Salvianolic acid E disrupts the TWF2–YAP interaction and enhances sunitinib efficacy in RCC PDX models. A) Flowchart of virtual screening for small‐molecule inhibitors targeting TWF2–YAP interaction. B) Chemical structure of Sal E. C) 3D structural model of the TWF2–Sal E binding interface. The docking score of Sal E for TWF2 is −9.619. D) 2D interaction map depicting the binding between Sal E and TWF2. E) ITC analysis quantifying the binding affinity between TWF2 and Sal E. The fitted curve yields a dissociation constant (K _d) of 16.7 µm. F) Co‐IP analysis demonstrating disruption of the TWF2–YAP interaction in 786‐O‐R cells treated with increasing concentrations of Sal E. G) Western blot analysis of Hippo signaling components in 786‐O‐R cells treated with Sal E. H) Relative cell viability (left) and resistance index (right) of 786‐O‐R cells treated with Sal E or vehicle in combination with sunitinib, as determined using CCK‐8 assay. I–K) Colony formation (I), migration (J), and invasion (K) assays in 769‐P cells treated with Sal E or vehicle. L) Experimental timeline for RCC PDX mouse model treatment with Sal E, sunitinib, or both. Day −21 indicates the day of PDX tumor implantation. M,N) Tumor growth curves (M) and tumor weights (N) in PDX mice treated with vehicle, Sal E, sunitinib, or combination therapy (n = 5 per group).
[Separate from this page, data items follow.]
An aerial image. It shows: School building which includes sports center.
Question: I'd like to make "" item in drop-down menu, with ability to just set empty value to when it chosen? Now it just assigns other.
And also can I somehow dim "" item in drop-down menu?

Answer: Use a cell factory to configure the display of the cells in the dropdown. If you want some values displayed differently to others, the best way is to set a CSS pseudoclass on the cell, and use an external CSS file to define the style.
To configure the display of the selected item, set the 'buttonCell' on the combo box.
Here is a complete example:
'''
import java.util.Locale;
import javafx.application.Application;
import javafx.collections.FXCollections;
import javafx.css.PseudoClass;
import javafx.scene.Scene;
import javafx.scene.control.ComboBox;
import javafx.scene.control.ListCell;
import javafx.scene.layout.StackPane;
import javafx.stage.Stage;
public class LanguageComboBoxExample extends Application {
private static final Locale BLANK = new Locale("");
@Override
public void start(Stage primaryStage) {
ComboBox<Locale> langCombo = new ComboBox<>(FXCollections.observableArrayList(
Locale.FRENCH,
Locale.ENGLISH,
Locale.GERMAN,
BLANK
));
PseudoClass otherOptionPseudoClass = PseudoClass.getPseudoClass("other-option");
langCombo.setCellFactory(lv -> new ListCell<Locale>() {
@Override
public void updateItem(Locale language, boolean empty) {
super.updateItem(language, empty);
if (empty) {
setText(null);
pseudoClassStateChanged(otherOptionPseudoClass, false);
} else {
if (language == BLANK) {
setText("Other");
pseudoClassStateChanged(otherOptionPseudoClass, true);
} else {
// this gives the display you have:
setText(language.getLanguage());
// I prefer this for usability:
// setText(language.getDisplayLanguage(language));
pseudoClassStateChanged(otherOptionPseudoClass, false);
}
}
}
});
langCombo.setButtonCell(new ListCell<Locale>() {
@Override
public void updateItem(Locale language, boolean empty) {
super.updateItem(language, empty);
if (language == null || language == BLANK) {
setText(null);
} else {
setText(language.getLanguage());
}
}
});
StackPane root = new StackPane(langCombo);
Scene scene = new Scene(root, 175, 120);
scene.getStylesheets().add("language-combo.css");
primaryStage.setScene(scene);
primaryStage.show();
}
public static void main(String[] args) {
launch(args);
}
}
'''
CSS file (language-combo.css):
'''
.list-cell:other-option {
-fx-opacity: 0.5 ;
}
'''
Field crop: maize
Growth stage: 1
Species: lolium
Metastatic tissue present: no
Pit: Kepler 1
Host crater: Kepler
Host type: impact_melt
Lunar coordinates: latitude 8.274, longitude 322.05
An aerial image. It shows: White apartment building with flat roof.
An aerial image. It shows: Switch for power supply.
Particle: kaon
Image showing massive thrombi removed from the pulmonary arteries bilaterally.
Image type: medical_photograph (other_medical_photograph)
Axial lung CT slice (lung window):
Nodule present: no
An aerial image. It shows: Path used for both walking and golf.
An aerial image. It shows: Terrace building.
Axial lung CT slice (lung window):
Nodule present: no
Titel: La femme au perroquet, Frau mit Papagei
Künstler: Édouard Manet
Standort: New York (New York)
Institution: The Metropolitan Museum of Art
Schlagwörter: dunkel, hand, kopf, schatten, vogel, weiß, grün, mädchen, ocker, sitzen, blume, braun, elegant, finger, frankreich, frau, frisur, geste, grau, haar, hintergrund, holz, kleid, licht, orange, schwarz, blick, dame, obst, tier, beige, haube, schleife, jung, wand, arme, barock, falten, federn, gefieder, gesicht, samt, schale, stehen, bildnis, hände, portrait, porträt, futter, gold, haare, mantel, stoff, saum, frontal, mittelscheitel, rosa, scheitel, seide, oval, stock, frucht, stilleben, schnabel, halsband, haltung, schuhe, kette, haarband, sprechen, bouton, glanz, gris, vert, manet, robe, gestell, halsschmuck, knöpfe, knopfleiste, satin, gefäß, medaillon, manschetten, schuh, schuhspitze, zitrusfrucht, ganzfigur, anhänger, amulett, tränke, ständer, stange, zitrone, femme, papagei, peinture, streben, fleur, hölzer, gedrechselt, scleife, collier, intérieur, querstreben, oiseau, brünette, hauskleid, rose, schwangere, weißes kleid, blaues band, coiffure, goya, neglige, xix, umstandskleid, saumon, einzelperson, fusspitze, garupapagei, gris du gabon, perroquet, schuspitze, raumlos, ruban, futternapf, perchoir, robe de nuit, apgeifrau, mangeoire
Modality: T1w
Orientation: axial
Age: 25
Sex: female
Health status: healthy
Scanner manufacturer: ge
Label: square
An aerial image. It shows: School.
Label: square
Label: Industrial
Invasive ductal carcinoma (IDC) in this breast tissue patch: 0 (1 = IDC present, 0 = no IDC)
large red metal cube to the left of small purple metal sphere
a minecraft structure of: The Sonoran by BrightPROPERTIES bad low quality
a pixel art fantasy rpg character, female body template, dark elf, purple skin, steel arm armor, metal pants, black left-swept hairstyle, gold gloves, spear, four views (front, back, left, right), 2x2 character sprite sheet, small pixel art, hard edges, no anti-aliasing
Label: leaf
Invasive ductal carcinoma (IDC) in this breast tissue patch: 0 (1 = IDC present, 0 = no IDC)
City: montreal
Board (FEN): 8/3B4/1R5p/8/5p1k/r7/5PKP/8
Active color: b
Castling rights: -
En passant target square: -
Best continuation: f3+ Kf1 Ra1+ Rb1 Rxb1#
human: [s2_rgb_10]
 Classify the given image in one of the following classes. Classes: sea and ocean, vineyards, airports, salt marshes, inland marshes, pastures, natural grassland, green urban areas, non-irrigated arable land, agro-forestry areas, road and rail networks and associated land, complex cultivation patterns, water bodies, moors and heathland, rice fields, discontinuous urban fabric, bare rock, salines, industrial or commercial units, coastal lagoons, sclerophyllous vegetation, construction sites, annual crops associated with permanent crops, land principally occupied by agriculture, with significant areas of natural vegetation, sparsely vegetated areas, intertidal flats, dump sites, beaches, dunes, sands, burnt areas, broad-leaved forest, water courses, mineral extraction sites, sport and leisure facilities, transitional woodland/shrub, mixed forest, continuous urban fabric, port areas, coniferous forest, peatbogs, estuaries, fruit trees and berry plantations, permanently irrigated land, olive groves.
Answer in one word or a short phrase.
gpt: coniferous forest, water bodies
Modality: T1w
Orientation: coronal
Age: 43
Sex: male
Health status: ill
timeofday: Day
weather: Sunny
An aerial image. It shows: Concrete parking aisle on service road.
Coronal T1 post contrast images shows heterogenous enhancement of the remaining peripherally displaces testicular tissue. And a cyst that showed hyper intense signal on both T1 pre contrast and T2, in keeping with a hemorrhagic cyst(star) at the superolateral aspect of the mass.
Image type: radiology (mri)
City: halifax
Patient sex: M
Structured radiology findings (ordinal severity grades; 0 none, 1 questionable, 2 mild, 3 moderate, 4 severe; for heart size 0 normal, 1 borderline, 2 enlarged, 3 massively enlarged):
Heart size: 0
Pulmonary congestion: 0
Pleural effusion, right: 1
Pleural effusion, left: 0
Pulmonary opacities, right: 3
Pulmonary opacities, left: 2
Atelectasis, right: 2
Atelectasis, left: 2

O) TUNEL staining showing apoptotic cells in tumors from the indicated treatment groups. P,Q) Representative IHC staining for YAP and p‐YAP (P) and the corresponding quantification of IHC scores (Q) in tumors from treated PDX mice. Sal E, Salvianolic acid E; 786‐O‐R, sunitinib‐resistant 786‐O cells. Data are presented as means ± SD and are analyzed by Student's t‐test (H–K, N, Q) or one‐way ANOVA (M). *p < 0.05; **p < 0.01; ***p < 0.001.

Figure 9

Schematic model illustrating the role of TWF2 in sunitinib resistance and RCC progression. In sunitinib‐resistant and high grade malignant RCC cells, TWF2 is upregulated and interacts with YAP, competing with LATS1 and thereby preventing YAP ubiquitination and degradation. Stabilized YAP translocates into the nucleus and activates transcription of target genes, promoting RCC proliferation, metastasis, and drug resistance. In sunitinib‐sensitive and low grade malignant RCC cells, reduced TWF2 expression permits YAP phosphorylation and subsequent degradation, limiting transcriptional activity. The small‐molecule compound Sal E disrupts the TWF2–YAP interaction and enhances the therapeutic efficacy of sunitinib in RCC.